TASK ITEM:
I'd like the records transcribed exactly, leaving the images out.

MATERIAL TO PROCESS:
===============

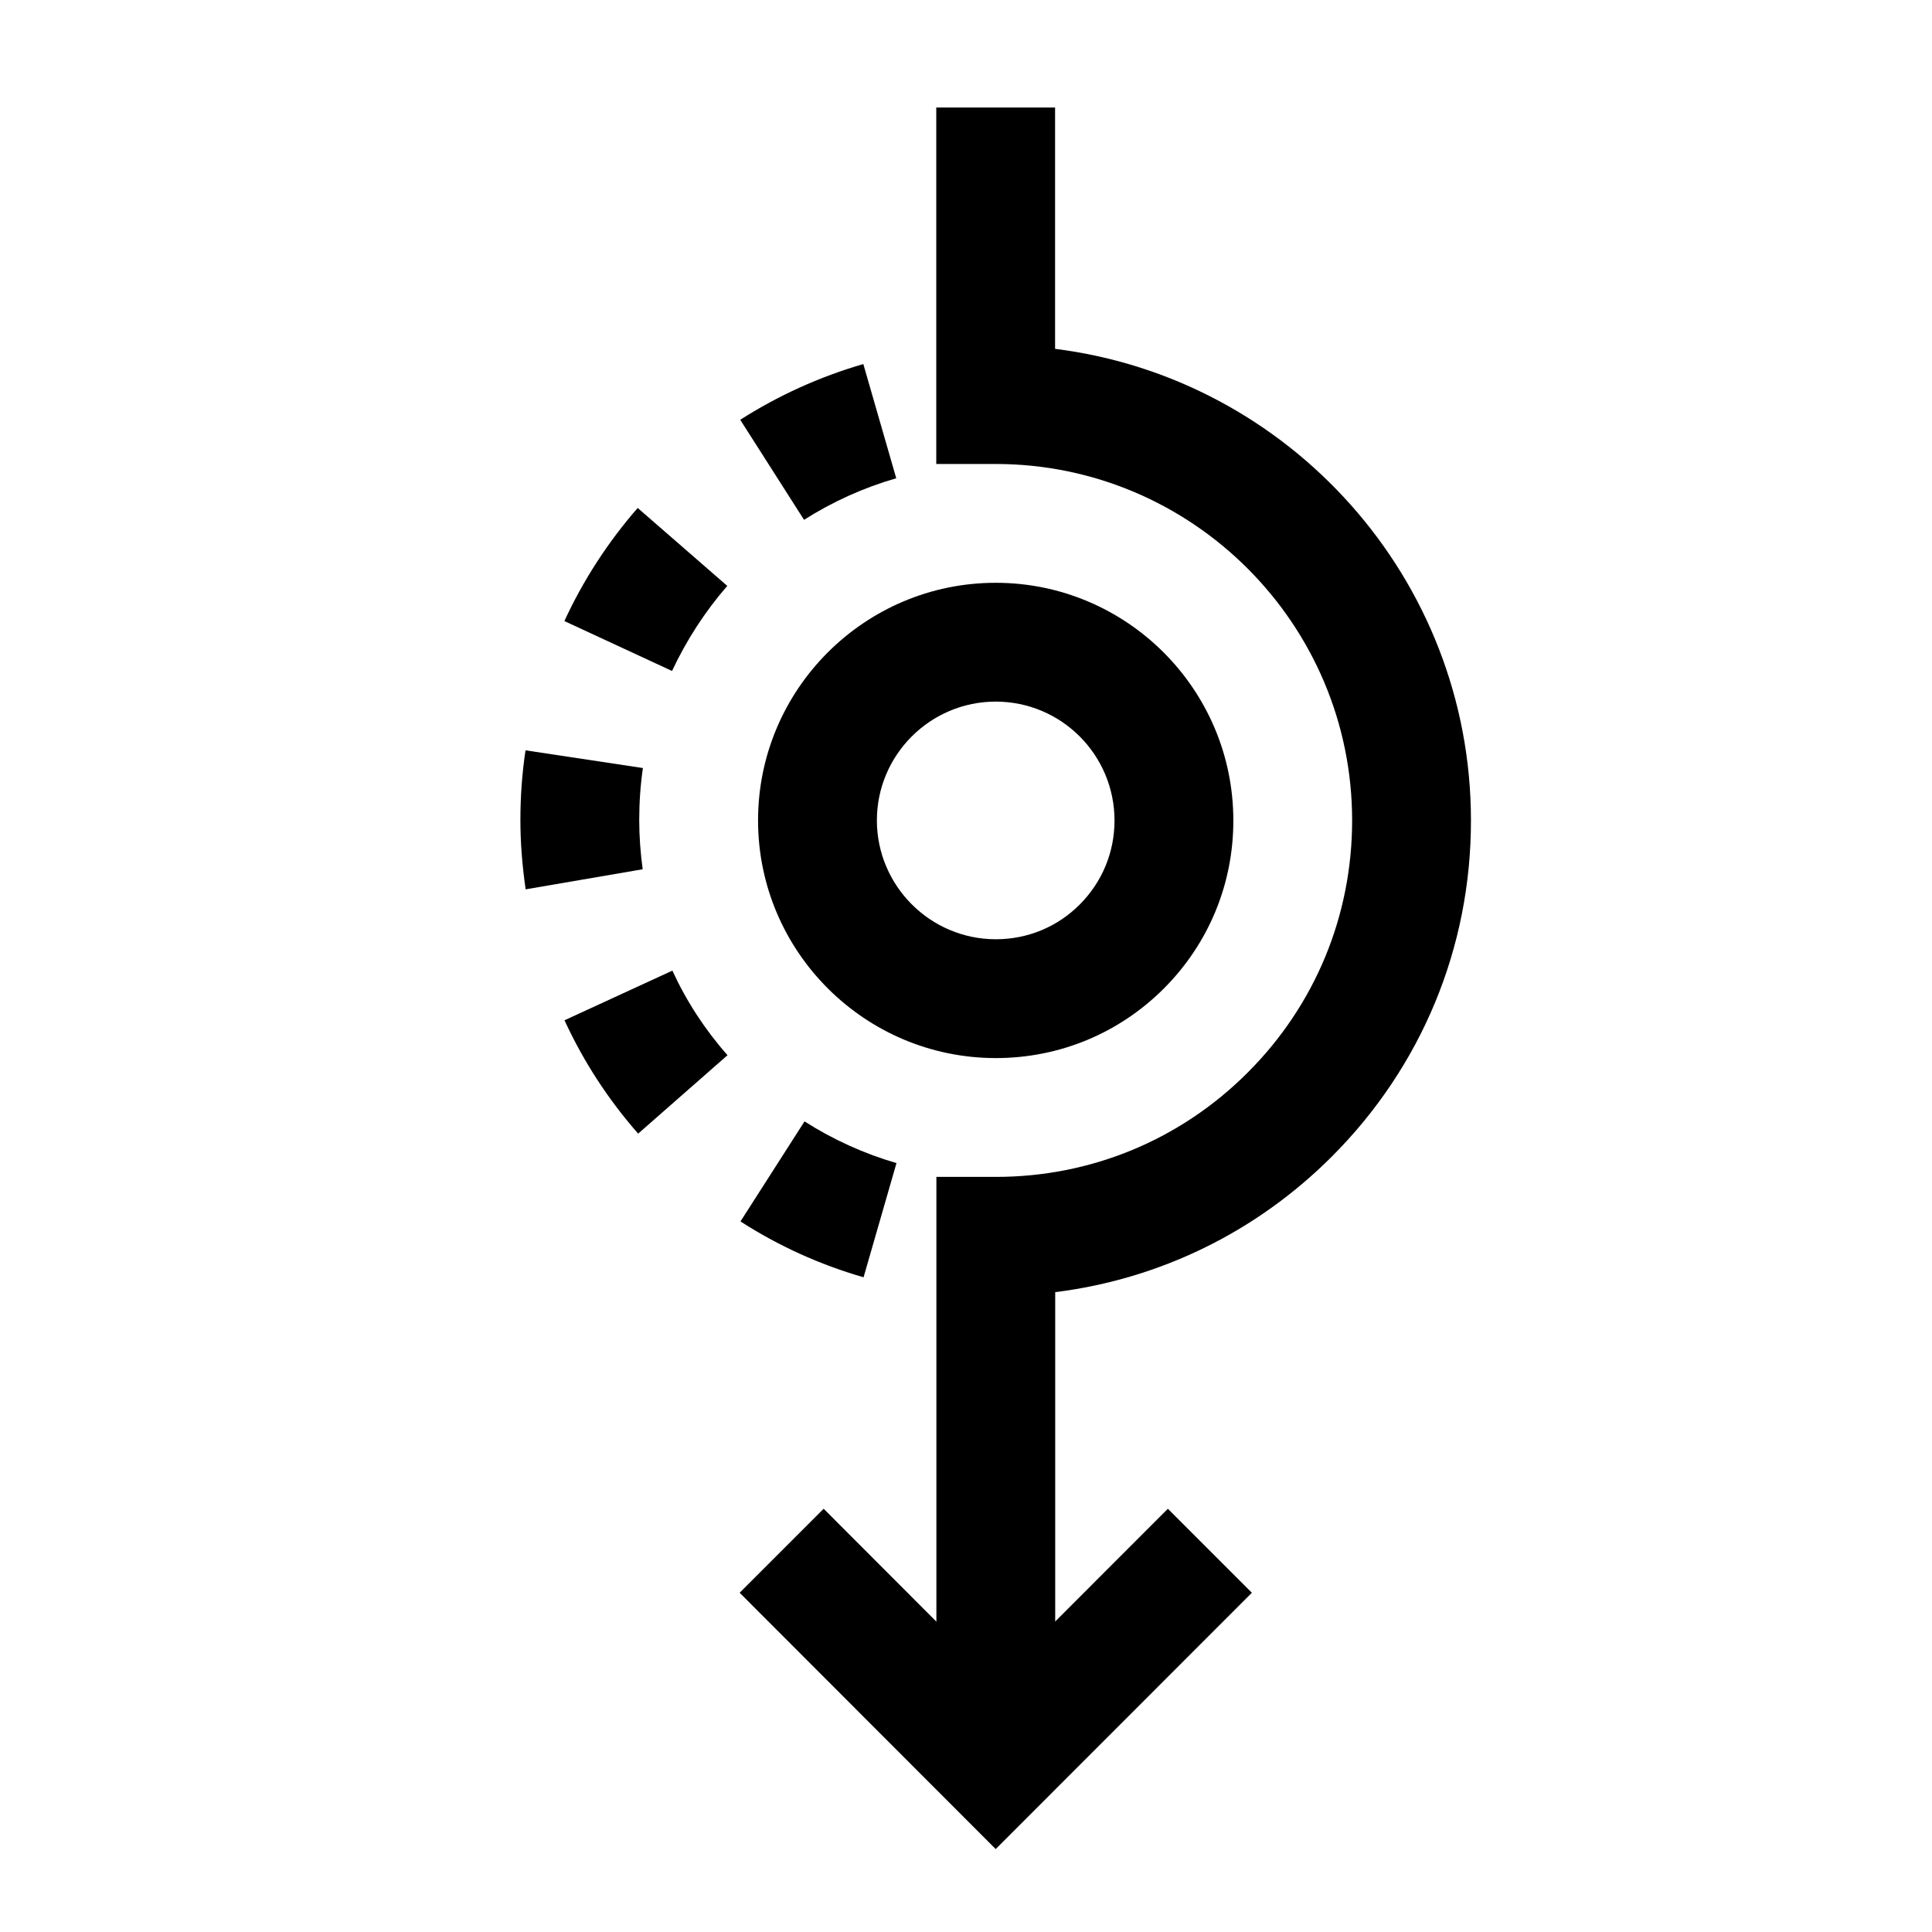 <?xml version="1.0" encoding="UTF-8"?>
<!-- Uploaded to: ICON Repo, www.iconrepo.com, Generator: ICON Repo Mixer Tools -->
<svg fill="#000000" width="800px" height="800px" version="1.1" viewBox="144 144 512 512" xmlns="http://www.w3.org/2000/svg">
 <g>
  <path d="m407.9 424.4c-34.699 0-62.977-28.215-63.008-62.945v-0.031c0-34.73 28.246-62.977 62.977-62.977 34.73 0 62.977 28.246 62.977 62.977 0.031 16.781-6.519 32.621-18.391 44.523-11.902 11.902-27.707 18.453-44.555 18.453zm-31.52-62.977c0.031 17.352 14.168 31.488 31.52 31.488 8.438 0 16.344-3.273 22.262-9.227 5.918-5.949 9.195-13.824 9.195-22.23 0-17.414-14.105-31.52-31.488-31.52-17.352 0-31.488 14.137-31.488 31.488z"/>
  <path d="m372.79 240.48 8.723 30.262c-8.629 2.484-16.848 6.199-24.434 11.02l-16.91-26.516c10.105-6.453 21.098-11.43 32.621-14.766zm-59.797 38.133 23.742 20.656c-5.918 6.801-10.832 14.422-14.641 22.543l-28.527-13.223c5.004-10.863 11.555-20.941 19.426-29.977zm-29.723 64.234 31.109 4.691c-0.66 4.504-0.977 9.102-0.977 13.762 0 4.281 0.316 8.66 0.914 13.066l-31.016 5.32c-0.977-6.863-1.387-12.688-1.387-18.387 0-6.234 0.441-12.406 1.355-18.453zm38.918 58.379c3.715 8.094 8.629 15.648 14.609 22.418l-23.68 20.781c-7.965-9.066-14.516-19.172-19.52-30.039zm35.016 39.957c7.559 4.816 15.742 8.535 24.371 11.051l-8.723 30.262c-11.555-3.336-22.547-8.312-32.621-14.801z"/>
  <path d="m407.87 634.02-67.855-67.922 22.262-22.262 45.594 45.656 45.625-45.656 22.262 22.262z"/>
  <path d="m423.64 613.33h-31.488v-157.44h15.742c25.254 0 48.965-9.824 66.785-27.68 17.82-17.82 27.648-41.531 27.648-66.785 0-52.082-42.383-94.465-94.465-94.465h-15.742v-94.465h31.488v63.953c62.062 7.777 110.21 60.867 110.21 124.98 0.031 33.629-13.066 65.273-36.871 89.078-20.027 20.027-45.625 32.465-73.305 35.93z"/>
 </g>
</svg>
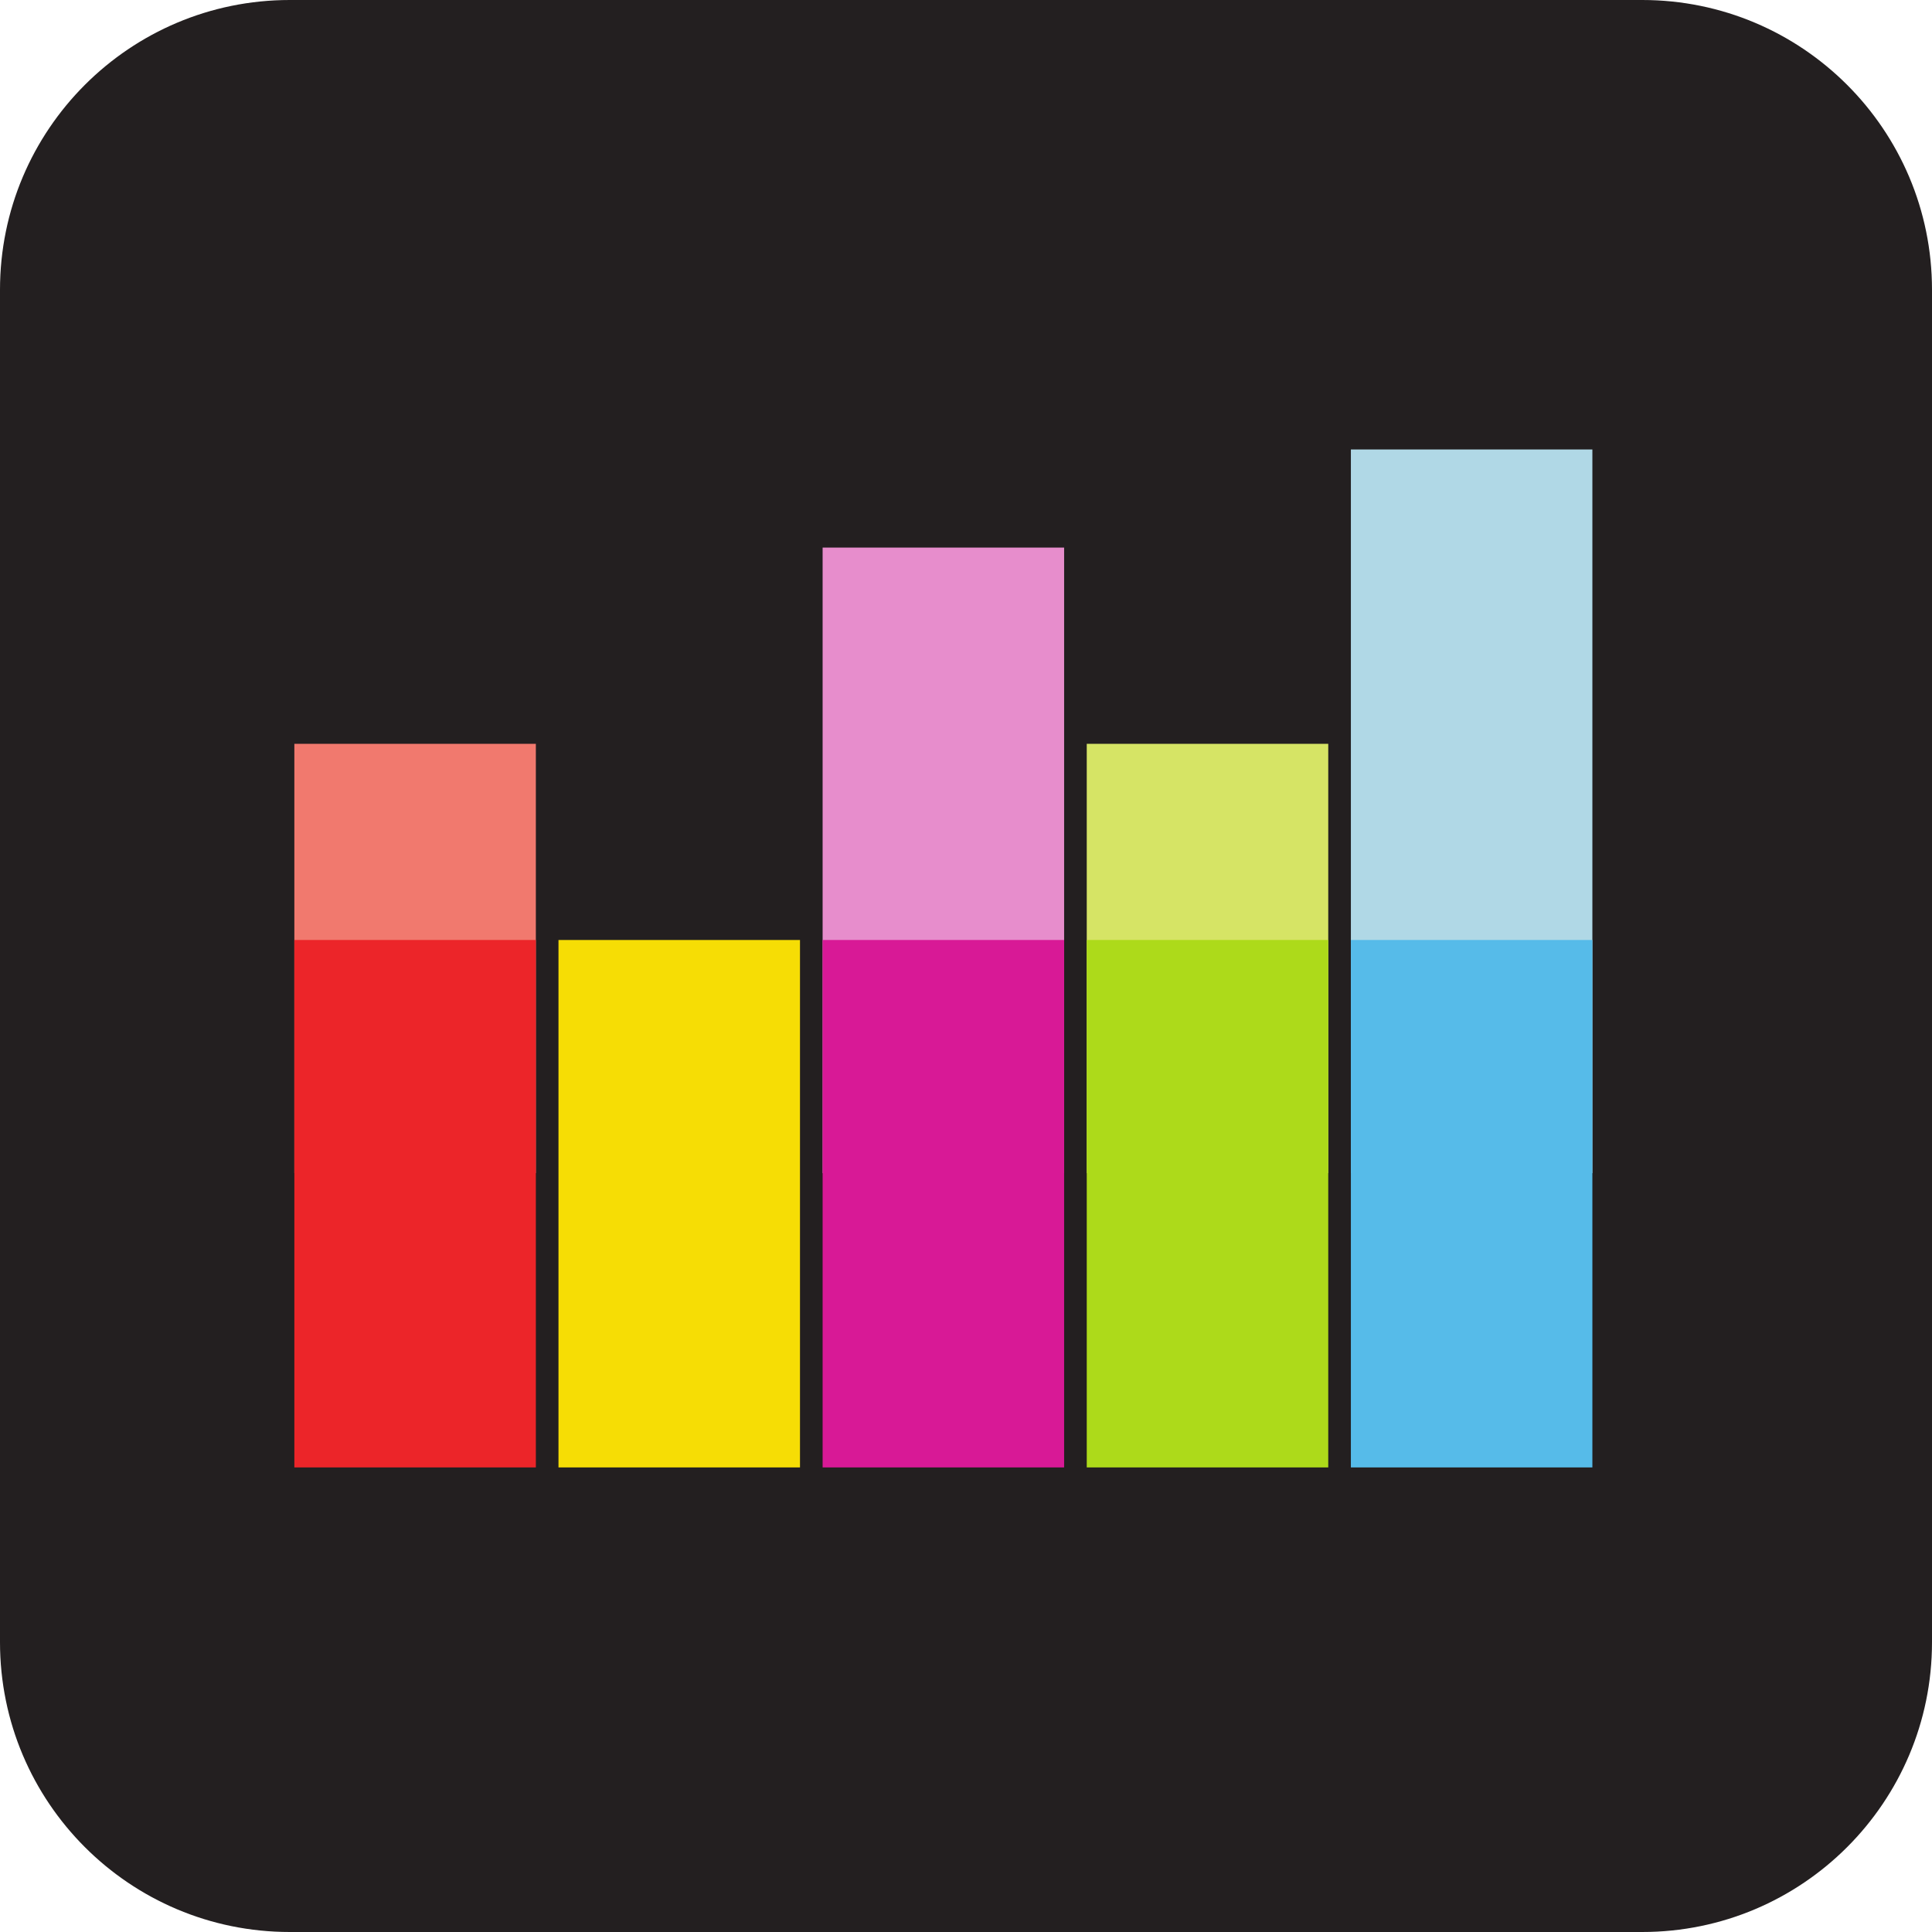 <svg width="28" height="28" viewBox="0 0 28 28" fill="none" xmlns="http://www.w3.org/2000/svg">
<path d="M4.2 0H23.8C26.12 0 28 1.88 28 4.2V23.8C28 26.12 26.12 28 23.8 28H4.2C1.88 28 0 26.12 0 23.8V4.2C0 1.88 1.88 0 4.2 0Z" fill="#231F20"/>
<path d="M4.266 14.602H7.766M4.266 13.18H7.766H4.266Z" stroke="#F1796E" stroke-width="4.8" stroke-miterlimit="2.613"/>
<path d="M4.266 18.867H7.766M4.266 16.023H7.766H4.266ZM4.266 17.445H7.766H4.266Z" stroke="#EC2529" stroke-width="4.8" stroke-miterlimit="2.613"/>
<path d="M8.094 18.867H11.594M8.094 16.023H11.594H8.094ZM8.094 17.445H11.594H8.094Z" stroke="#F6DD05" stroke-width="4.8" stroke-miterlimit="2.613"/>
<path d="M11.922 10.336H15.422M11.922 13.18H15.422H11.922ZM11.922 14.602H15.422H11.922ZM11.922 11.758H15.422H11.922Z" stroke="#E78DCC" stroke-width="4.8" stroke-miterlimit="2.613"/>
<path d="M11.922 18.867H15.422M11.922 16.023H15.422H11.922ZM11.922 17.445H15.422H11.922Z" stroke="#D81996" stroke-width="4.8" stroke-miterlimit="2.613"/>
<path d="M15.75 14.602H19.25M15.75 13.18H19.25H15.75Z" stroke="#D6E465" stroke-width="4.8" stroke-miterlimit="2.613"/>
<path d="M15.75 18.867H19.25M15.75 16.023H19.25H15.75ZM15.75 17.445H19.25H15.75Z" stroke="#ADDA1A" stroke-width="4.8" stroke-miterlimit="2.613"/>
<path d="M19.578 8.914H23.078M19.578 13.18H23.078H19.578ZM19.578 14.602H23.078H19.578ZM19.578 11.758H23.078H19.578ZM19.578 10.336H23.078H19.578Z" stroke="#B0D8E6" stroke-width="4.8" stroke-miterlimit="2.613"/>
<path d="M19.578 18.867H23.078M19.578 16.023H23.078H19.578ZM19.578 17.445H23.078H19.578Z" stroke="#56BBE9" stroke-width="4.8" stroke-miterlimit="2.613"/>
</svg>

===============

RESPONSE TO THE EXERCISE:
 <?xml version="1.0" encoding="UTF-8"?>
<!-- Uploaded to: ICON Repo, www.iconrepo.com, Generator: ICON Repo Mixer Tools -->
<svg fill="#000000" width="800px" height="800px" version="1.1" viewBox="144 144 512 512" xmlns="http://www.w3.org/2000/svg">
 <g>
  <path d="m407.9 424.4c-34.699 0-62.977-28.215-63.008-62.945v-0.031c0-34.73 28.246-62.977 62.977-62.977 34.73 0 62.977 28.246 62.977 62.977 0.031 16.781-6.519 32.621-18.391 44.523-11.902 11.902-27.707 18.453-44.555 18.453zm-31.52-62.977c0.031 17.352 14.168 31.488 31.52 31.488 8.438 0 16.344-3.273 22.262-9.227 5.918-5.949 9.195-13.824 9.195-22.23 0-17.414-14.105-31.52-31.488-31.52-17.352 0-31.488 14.137-31.488 31.488z"/>
  <path d="m372.79 240.48 8.723 30.262c-8.629 2.484-16.848 6.199-24.434 11.02l-16.91-26.516c10.105-6.453 21.098-11.43 32.621-14.766zm-59.797 38.133 23.742 20.656c-5.918 6.801-10.832 14.422-14.641 22.543l-28.527-13.223c5.004-10.863 11.555-20.941 19.426-29.977zm-29.723 64.234 31.109 4.691c-0.66 4.504-0.977 9.102-0.977 13.762 0 4.281 0.316 8.66 0.914 13.066l-31.016 5.32c-0.977-6.863-1.387-12.688-1.387-18.387 0-6.234 0.441-12.406 1.355-18.453zm38.918 58.379c3.715 8.094 8.629 15.648 14.609 22.418l-23.68 20.781c-7.965-9.066-14.516-19.172-19.52-30.039zm35.016 39.957c7.559 4.816 15.742 8.535 24.371 11.051l-8.723 30.262c-11.555-3.336-22.547-8.312-32.621-14.801z"/>
  <path d="m407.87 634.02-67.855-67.922 22.262-22.262 45.594 45.656 45.625-45.656 22.262 22.262z"/>
  <path d="m423.64 613.33h-31.488v-157.44h15.742c25.254 0 48.965-9.824 66.785-27.68 17.82-17.82 27.648-41.531 27.648-66.785 0-52.082-42.383-94.465-94.465-94.465h-15.742v-94.465h31.488v63.953c62.062 7.777 110.21 60.867 110.21 124.98 0.031 33.629-13.066 65.273-36.871 89.078-20.027 20.027-45.625 32.465-73.305 35.93z"/>
 </g>
</svg>
 <svg width="28" height="28" viewBox="0 0 28 28" fill="none" xmlns="http://www.w3.org/2000/svg">
<path d="M4.2 0H23.8C26.12 0 28 1.88 28 4.2V23.8C28 26.12 26.12 28 23.8 28H4.2C1.88 28 0 26.12 0 23.8V4.2C0 1.88 1.88 0 4.2 0Z" fill="#231F20"/>
<path d="M4.266 14.602H7.766M4.266 13.18H7.766H4.266Z" stroke="#F1796E" stroke-width="4.8" stroke-miterlimit="2.613"/>
<path d="M4.266 18.867H7.766M4.266 16.023H7.766H4.266ZM4.266 17.445H7.766H4.266Z" stroke="#EC2529" stroke-width="4.8" stroke-miterlimit="2.613"/>
<path d="M8.094 18.867H11.594M8.094 16.023H11.594H8.094ZM8.094 17.445H11.594H8.094Z" stroke="#F6DD05" stroke-width="4.8" stroke-miterlimit="2.613"/>
<path d="M11.922 10.336H15.422M11.922 13.18H15.422H11.922ZM11.922 14.602H15.422H11.922ZM11.922 11.758H15.422H11.922Z" stroke="#E78DCC" stroke-width="4.8" stroke-miterlimit="2.613"/>
<path d="M11.922 18.867H15.422M11.922 16.023H15.422H11.922ZM11.922 17.445H15.422H11.922Z" stroke="#D81996" stroke-width="4.8" stroke-miterlimit="2.613"/>
<path d="M15.75 14.602H19.25M15.75 13.18H19.25H15.75Z" stroke="#D6E465" stroke-width="4.8" stroke-miterlimit="2.613"/>
<path d="M15.75 18.867H19.25M15.75 16.023H19.25H15.75ZM15.75 17.445H19.25H15.75Z" stroke="#ADDA1A" stroke-width="4.8" stroke-miterlimit="2.613"/>
<path d="M19.578 8.914H23.078M19.578 13.18H23.078H19.578ZM19.578 14.602H23.078H19.578ZM19.578 11.758H23.078H19.578ZM19.578 10.336H23.078H19.578Z" stroke="#B0D8E6" stroke-width="4.8" stroke-miterlimit="2.613"/>
<path d="M19.578 18.867H23.078M19.578 16.023H23.078H19.578ZM19.578 17.445H23.078H19.578Z" stroke="#56BBE9" stroke-width="4.8" stroke-miterlimit="2.613"/>
</svg>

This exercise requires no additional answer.